I've read a few other posts about this but the other solutions haven't worked for me. I'm trying to look at 2 different CSV files and compare data from 1 column from each file. Here's what I have so far:
import pandas as pd
import numpy as np
dataBI = pd.read_csv("U:/eu_inventory/EO BI Orders.csv")
dataOrderTrimmed = dataBI.iloc[:,1:2].values
dataVA05 = pd.read_csv("U:\eu_inventory\VA05_Export.csv")
dataVAOrder = dataVA05.iloc[:,1:2].values
dataVAList = []
ordersInBoth = []
ordersInBI = []
ordersInVA = []
for order in np.nditer(dataOrderTrimmed):
if order in dataVAOrder:
ordersInBoth.append(order)
else:
ordersInBI.append(order)
So if the order number from dataOrderTrimmed is also in dataVAOrder I want to add it to ordersInBoth, otherwise I want to add it to ordersInBI. I think it splits the information correctly but if I try to print ordersInBoth each item prints as array(5555555, dtype=int64)

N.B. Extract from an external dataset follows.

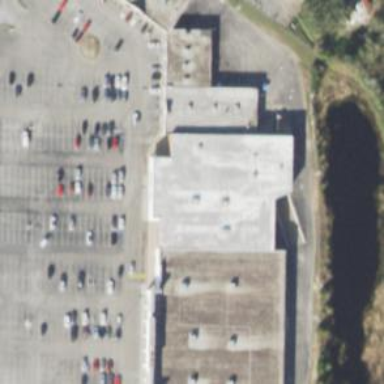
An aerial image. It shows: Department store building.

I want to have a list of the order numbers not as an array and not including the dtype information. Let me know if you need more information or if the way I've typed it out is confusing. Thanks!
CodePudding user response:
The way you're using .iloc
is giving you a DataFrame, which becomes 2D array when you access values
. If you just want the values in the column at index 1, then you should just say:
dataOrderTrimmed = dataBI.iloc[:, 1].values
Then you can iterate over dataOrderTrimmed
directly (i.e. you don't need nditer
), and you will get regular scalar values.